Po Lai Yau et al. Pediatrics. 2012 Oct.

Abstract

Background: The prevalence of metabolic syndrome (MetS) parallels the rise in childhood obesity. MetS is associated with neurocognitive impairments in adults, but this is thought to be a long-term effect of poor metabolism. It would be important to ascertain whether these brain complications are also present among adolescents with MetS, a group without clinically manifest vascular disease and relatively short duration of poor metabolism.

Methods: Forty-nine adolescents with and 62 without MetS, matched on age, socioeconomic status, school grade, gender, and ethnicity, received endocrine, MRI, and neuropsychological evaluations.

Results: Adolescents with MetS showed significantly lower arithmetic, spelling, attention, and mental flexibility and a trend for lower overall intelligence. They also had, in a MetS-dose-related fashion, smaller hippocampal volumes, increased brain cerebrospinal fluid, and reductions of microstructural integrity in major white matter tracts.

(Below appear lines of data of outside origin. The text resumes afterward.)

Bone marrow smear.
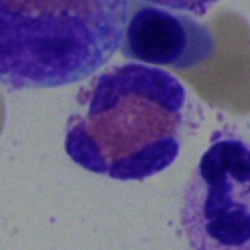

The cell shown is an eosinophilic granulocyte.
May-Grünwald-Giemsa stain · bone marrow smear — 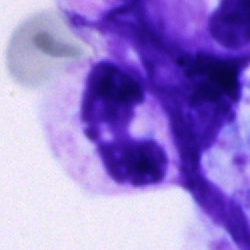 Morphology — polymorphonuclear neutrophil.
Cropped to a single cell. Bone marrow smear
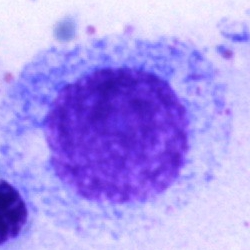Showing a progranulocyte.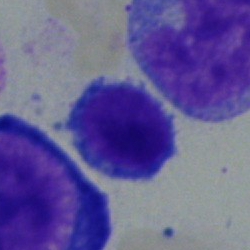
The cell is lymphocyte.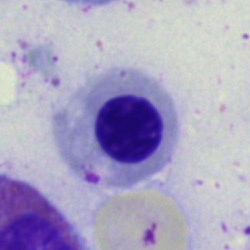This is a nucleated red cell.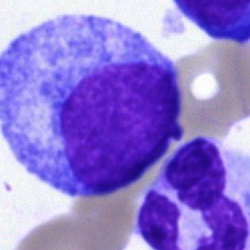

Impression — promyelocyte.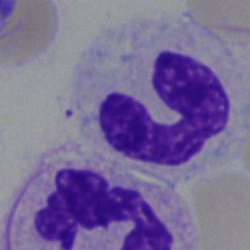 Morphology consistent with a neutrophil (band).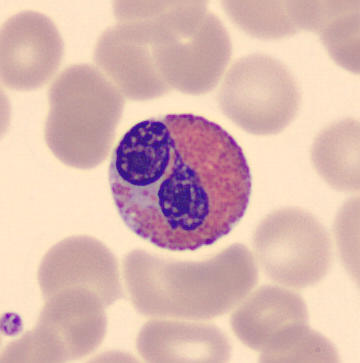

Morphology consistent with an eosinophilic granulocyte. Image: Peripheral blood film.
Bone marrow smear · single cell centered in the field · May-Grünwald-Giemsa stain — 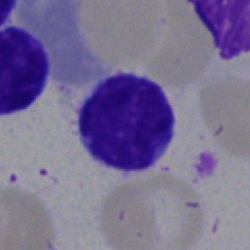Lymphocyte.
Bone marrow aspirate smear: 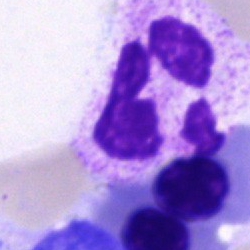Specimen: bone marrow smear.
Cell: segmented neutrophil.
Lineage: myeloid.

Conclusions: We document lower cognitive performance and reductions in brain structural integrity among adolescents with MetS, thus suggesting that even relatively short-term impairments in metabolism, in the absence of clinically manifest vascular disease, may give rise to brain complications. In view of these alarming results, it is plausible that obesity-associated metabolic disease, short of type 2 diabetes mellitus, may be mechanistically linked to lower the academic and professional potential of adolescents. Although obesity may not be enough to stir clinicians or even parents into action, these results in adolescents strongly argue for an early and comprehensive intervention. We propose that brain function be introduced among the parameters that need to be evaluated when considering early treatment of childhood obesity.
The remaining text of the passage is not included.